Stored data:
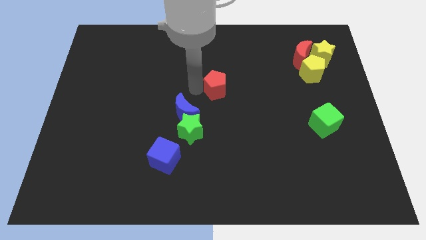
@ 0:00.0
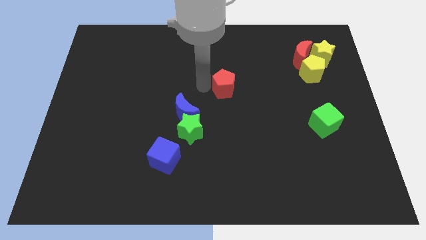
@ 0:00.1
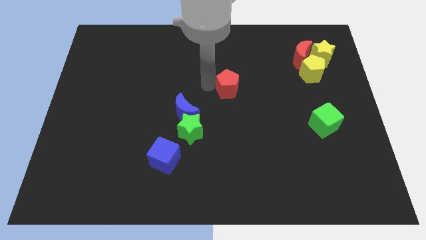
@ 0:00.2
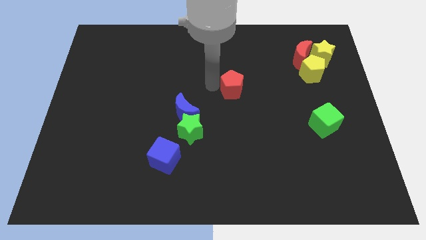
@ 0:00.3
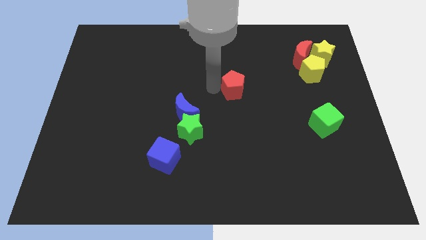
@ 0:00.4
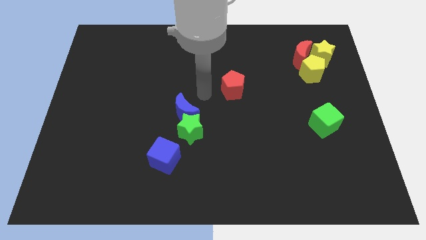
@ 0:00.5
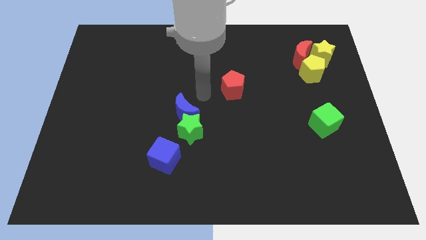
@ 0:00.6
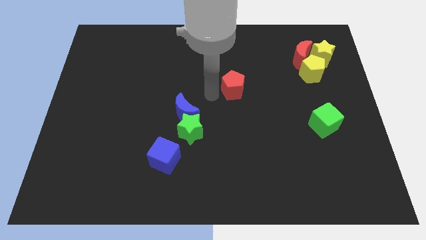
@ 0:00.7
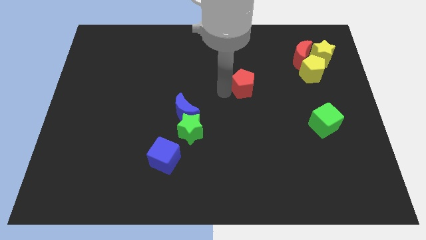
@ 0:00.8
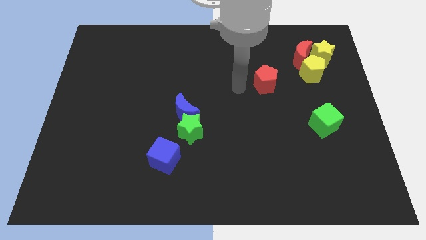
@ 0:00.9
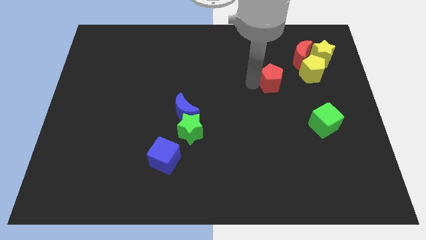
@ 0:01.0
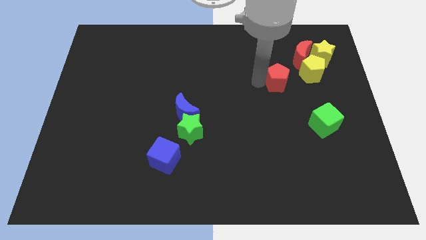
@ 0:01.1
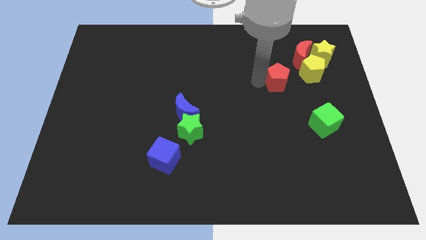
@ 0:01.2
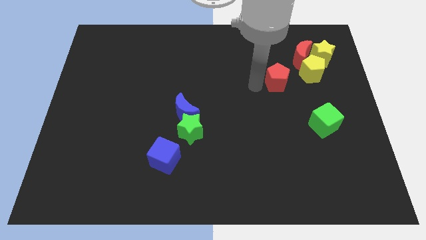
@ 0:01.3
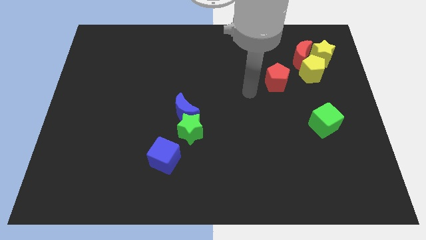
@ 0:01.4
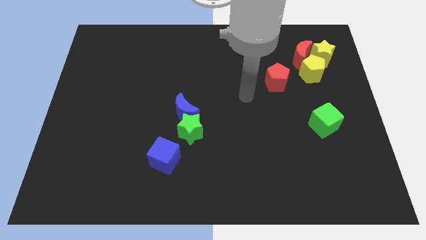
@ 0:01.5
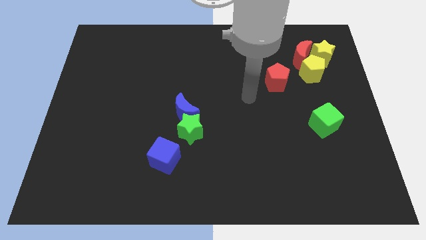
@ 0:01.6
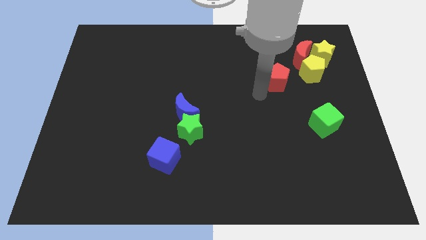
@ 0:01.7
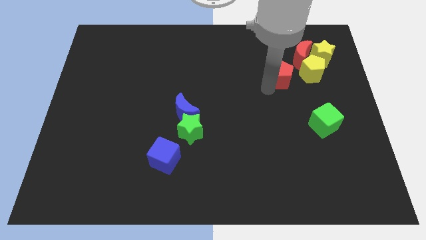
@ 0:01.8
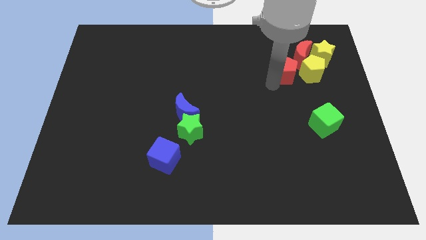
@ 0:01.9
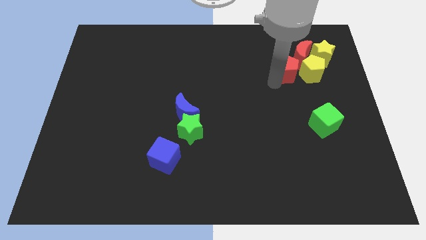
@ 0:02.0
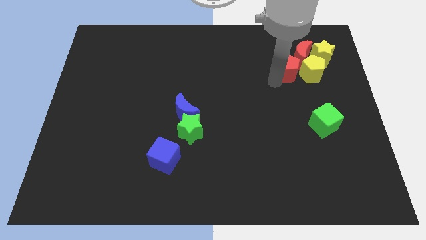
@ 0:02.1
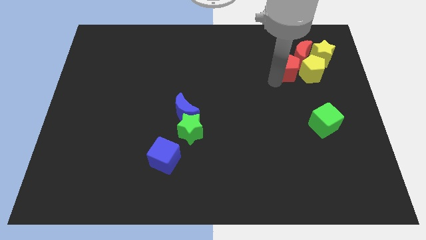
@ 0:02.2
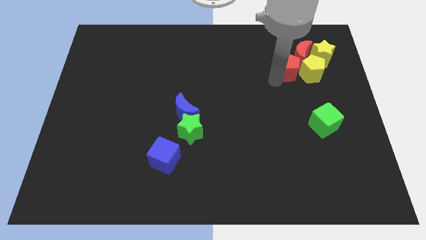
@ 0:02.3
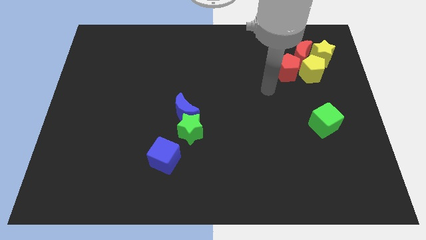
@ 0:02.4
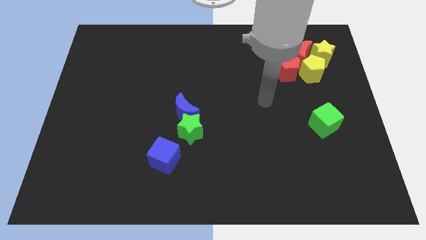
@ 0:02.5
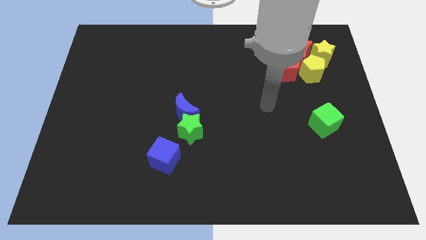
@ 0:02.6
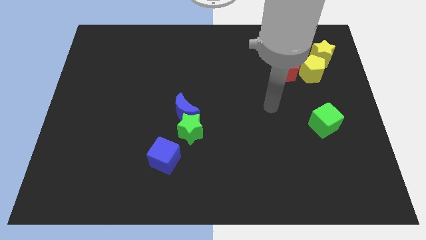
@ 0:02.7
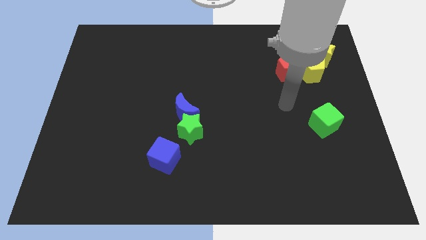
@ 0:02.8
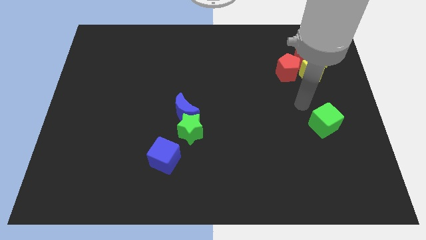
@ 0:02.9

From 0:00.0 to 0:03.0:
move the red pentagon towards the red crescent and yellow pentagon

| Exercise description |
Leave every picture out. Retype the remaining data exactly.

| Exercise output |
@ 0:00.0
@ 0:00.1
@ 0:00.2
@ 0:00.3
@ 0:00.4
@ 0:00.5
@ 0:00.6
@ 0:00.7
@ 0:00.8
@ 0:00.9
@ 0:01.0
@ 0:01.1
@ 0:01.2
@ 0:01.3
@ 0:01.4
@ 0:01.5
@ 0:01.6
@ 0:01.7
@ 0:01.8
@ 0:01.9
@ 0:02.0
@ 0:02.1
@ 0:02.2
@ 0:02.3
@ 0:02.4
@ 0:02.5
@ 0:02.6
@ 0:02.7
@ 0:02.8
@ 0:02.9

From 0:00.0 to 0:03.0:
move the red pentagon towards the red crescent and yellow pentagon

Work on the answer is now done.